* _Input_:

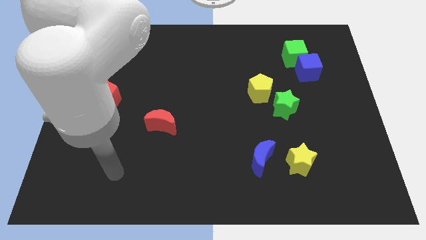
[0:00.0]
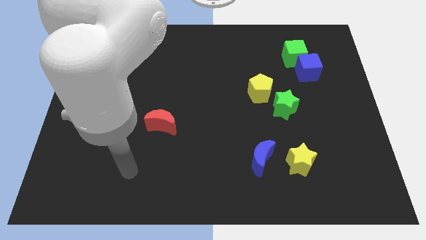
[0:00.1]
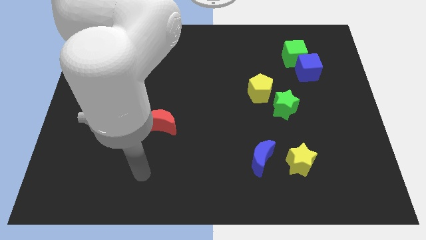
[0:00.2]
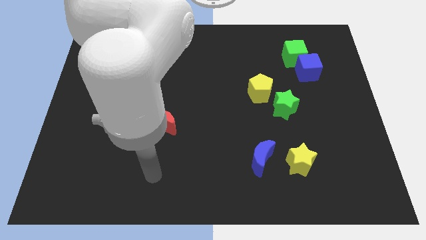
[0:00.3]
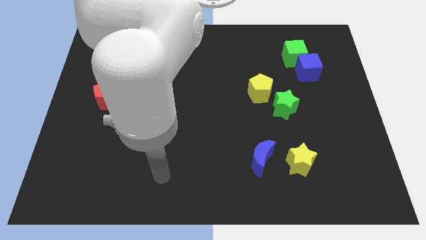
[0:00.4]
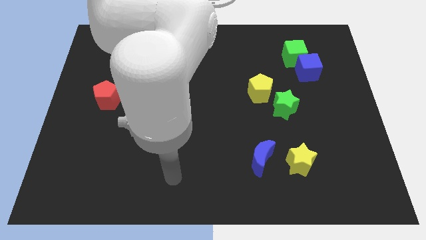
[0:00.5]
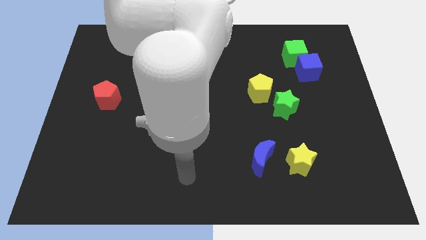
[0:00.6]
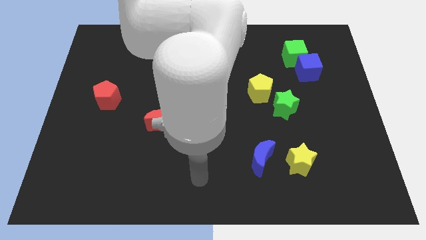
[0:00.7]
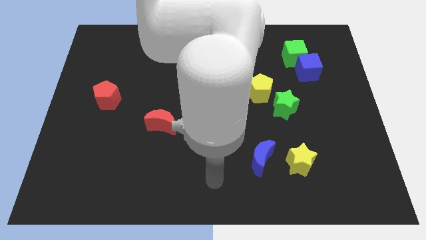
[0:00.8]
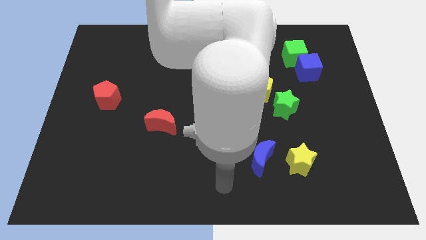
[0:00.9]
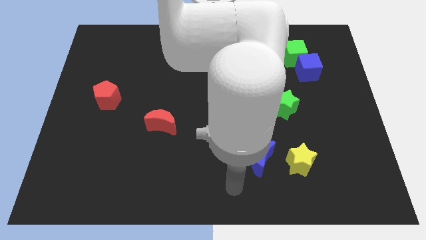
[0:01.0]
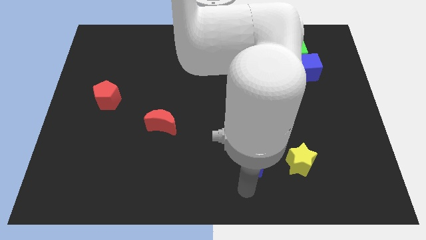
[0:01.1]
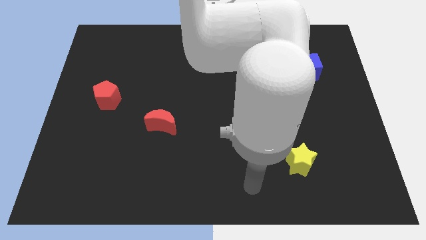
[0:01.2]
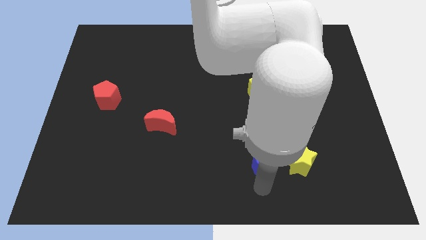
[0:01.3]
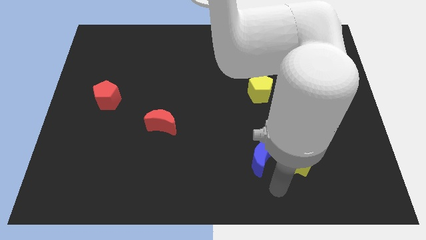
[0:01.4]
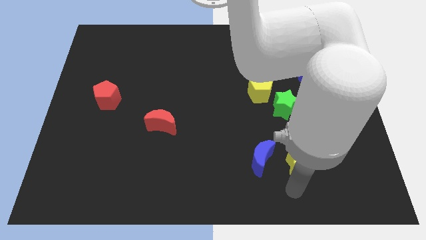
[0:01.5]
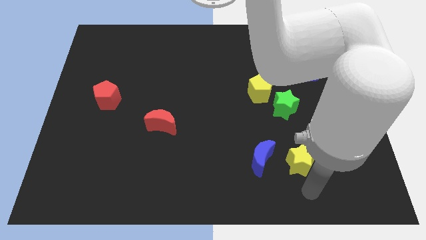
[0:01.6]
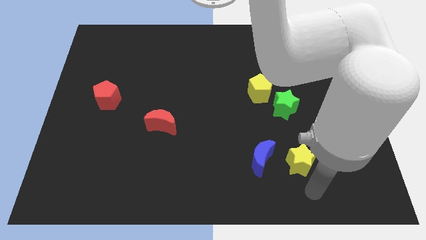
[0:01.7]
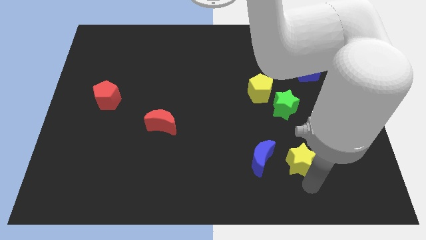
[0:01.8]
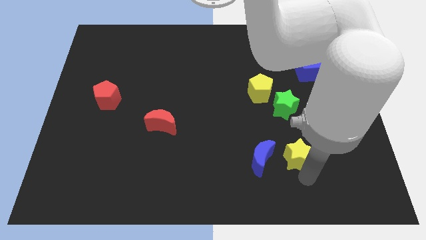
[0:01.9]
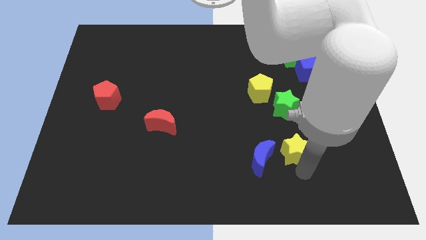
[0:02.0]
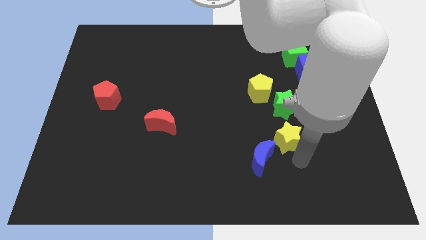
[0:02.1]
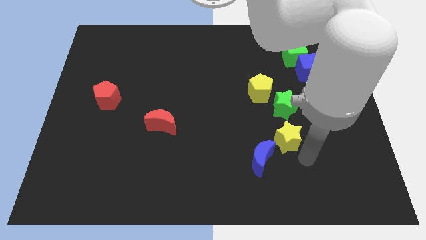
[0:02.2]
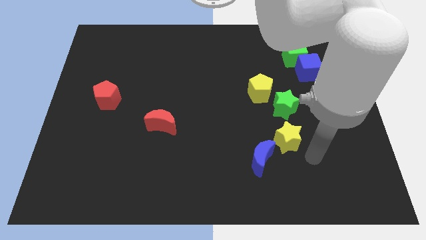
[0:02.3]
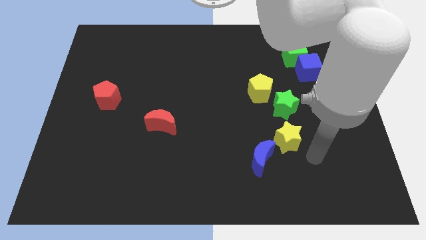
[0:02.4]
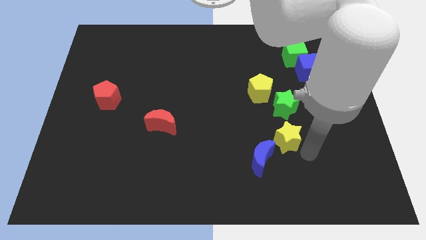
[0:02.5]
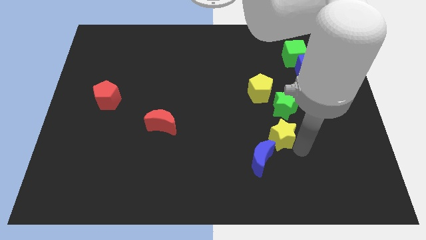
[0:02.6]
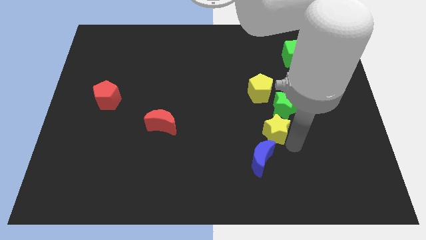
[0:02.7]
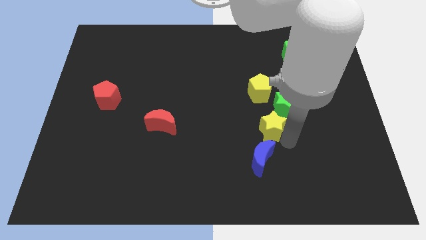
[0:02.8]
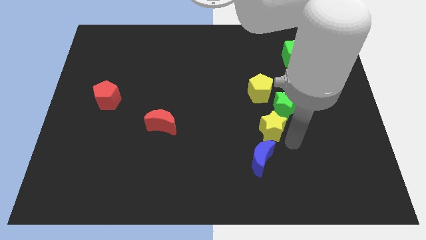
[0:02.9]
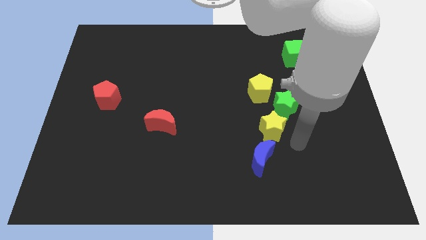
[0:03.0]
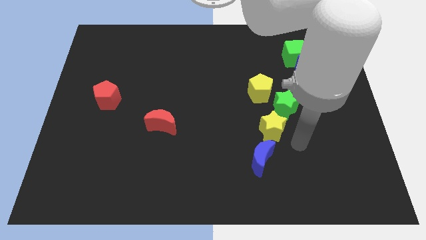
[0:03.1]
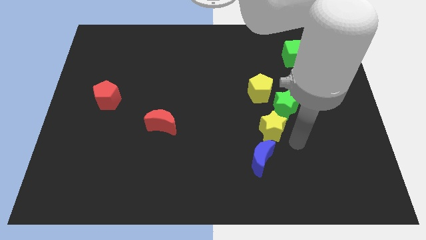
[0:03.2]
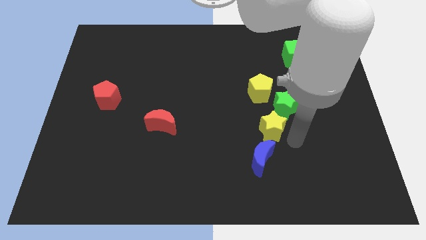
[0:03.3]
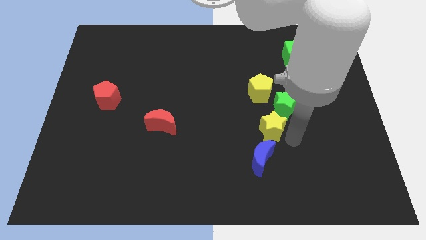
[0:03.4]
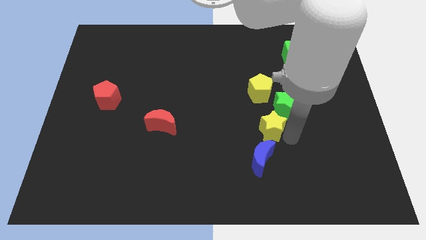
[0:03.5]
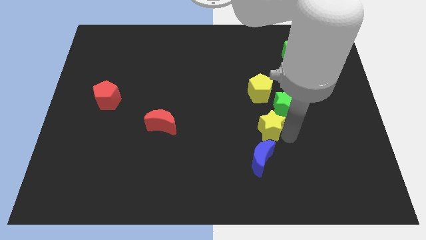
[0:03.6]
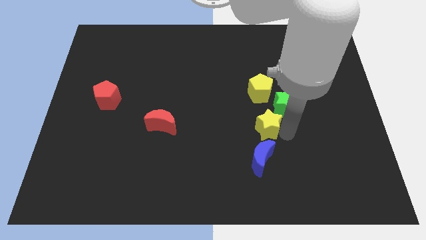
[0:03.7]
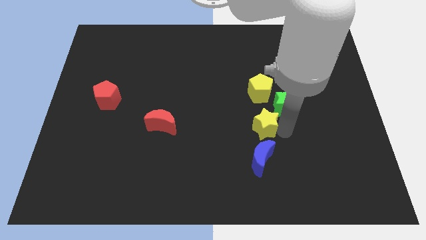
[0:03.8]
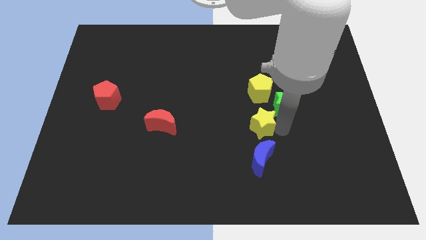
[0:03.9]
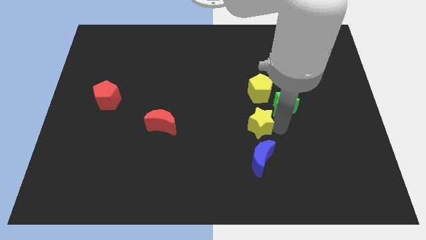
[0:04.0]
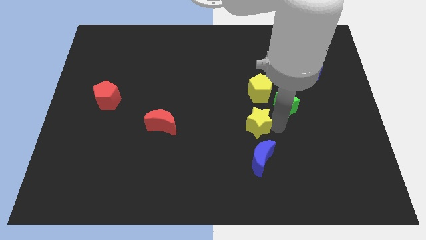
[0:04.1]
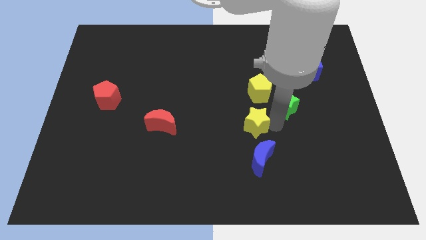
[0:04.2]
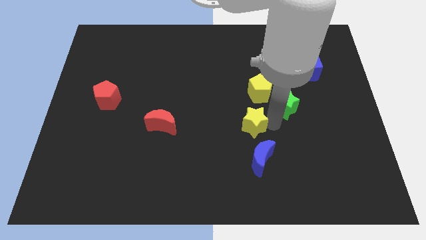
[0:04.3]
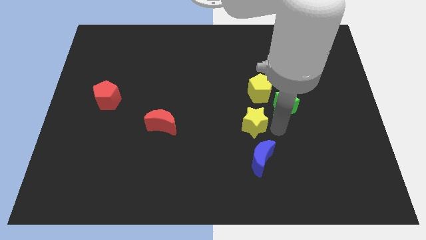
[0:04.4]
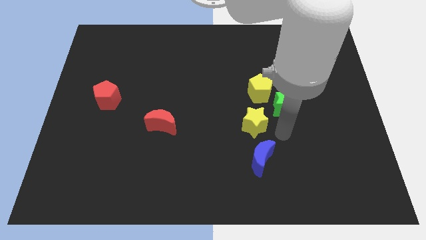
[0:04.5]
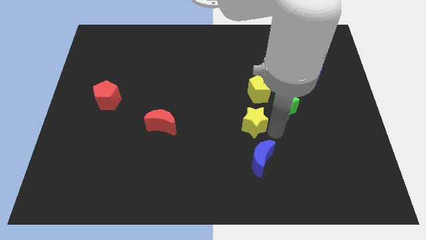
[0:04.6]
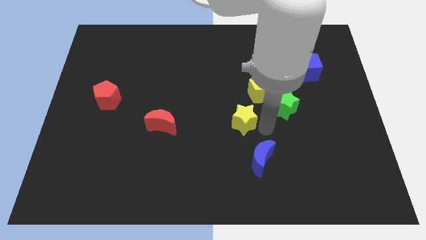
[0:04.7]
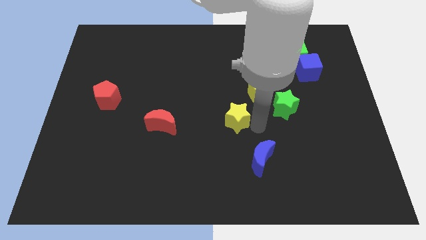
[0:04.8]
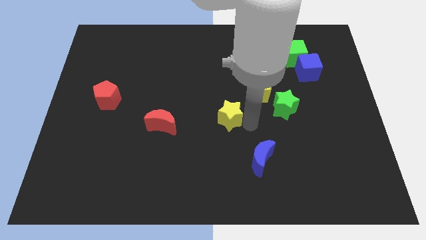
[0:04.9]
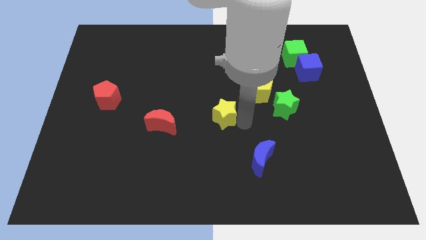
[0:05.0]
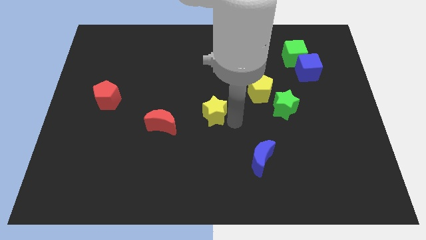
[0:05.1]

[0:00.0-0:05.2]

* _Work request_: Your reply should be the entries above, repeated exactly and free of pictures.

* _Response to the task_:
[0:00.0]
[0:00.1]
[0:00.2]
[0:00.3]
[0:00.4]
[0:00.5]
[0:00.6]
[0:00.7]
[0:00.8]
[0:00.9]
[0:01.0]
[0:01.1]
[0:01.2]
[0:01.3]
[0:01.4]
[0:01.5]
[0:01.6]
[0:01.7]
[0:01.8]
[0:01.9]
[0:02.0]
[0:02.1]
[0:02.2]
[0:02.3]
[0:02.4]
[0:02.5]
[0:02.6]
[0:02.7]
[0:02.8]
[0:02.9]
[0:03.0]
[0:03.1]
[0:03.2]
[0:03.3]
[0:03.4]
[0:03.5]
[0:03.6]
[0:03.7]
[0:03.8]
[0:03.9]
[0:04.0]
[0:04.1]
[0:04.2]
[0:04.3]
[0:04.4]
[0:04.5]
[0:04.6]
[0:04.7]
[0:04.8]
[0:04.9]
[0:05.0]
[0:05.1]

[0:00.0-0:05.2]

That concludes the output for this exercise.